Collection entries:
= = = =

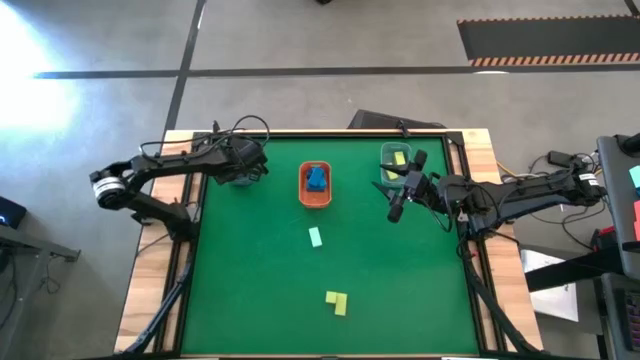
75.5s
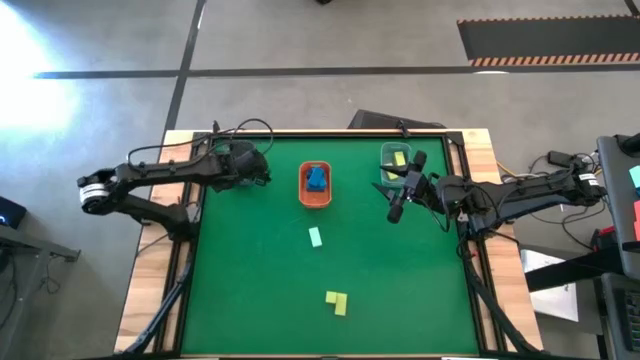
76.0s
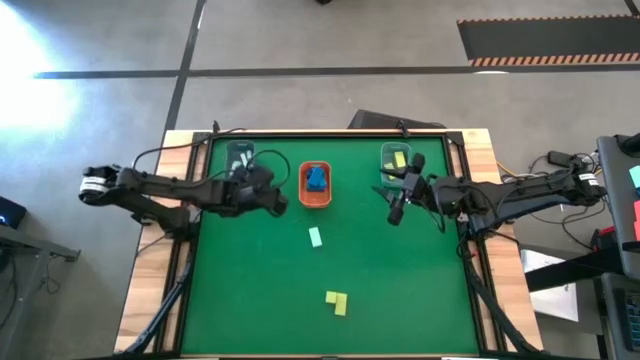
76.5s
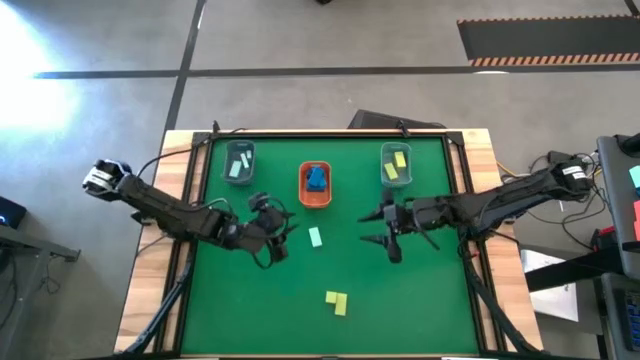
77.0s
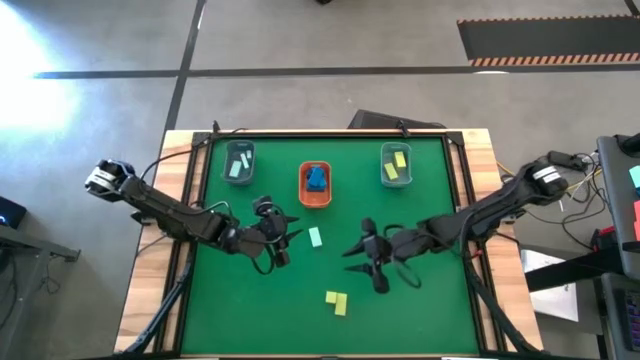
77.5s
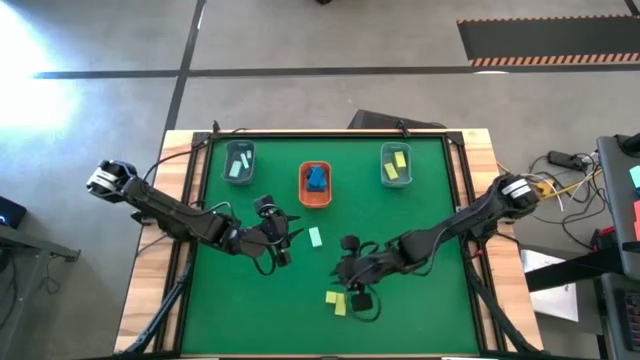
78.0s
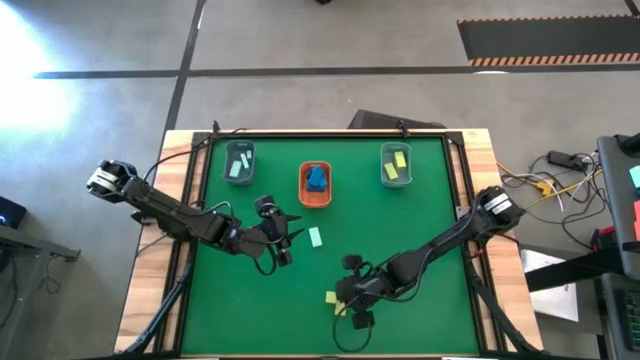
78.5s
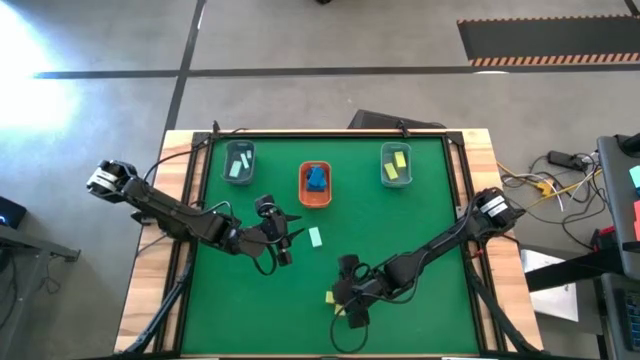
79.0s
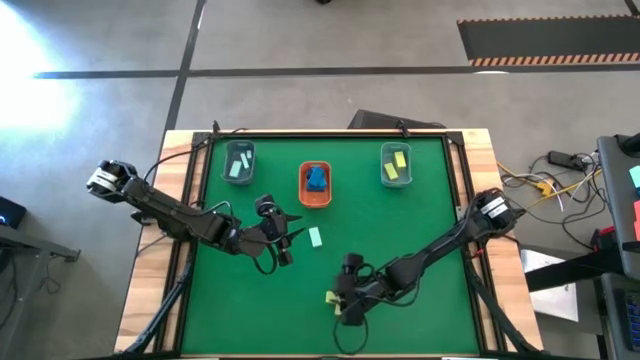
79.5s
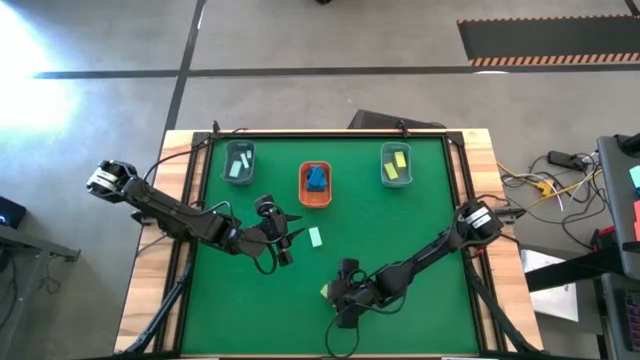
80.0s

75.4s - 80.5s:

= = = =

The records are to be returned word for word, without any of their pictures.

75.5s
76.0s
76.5s
77.0s
77.5s
78.0s
78.5s
79.0s
79.5s
80.0s

75.4s - 80.5s:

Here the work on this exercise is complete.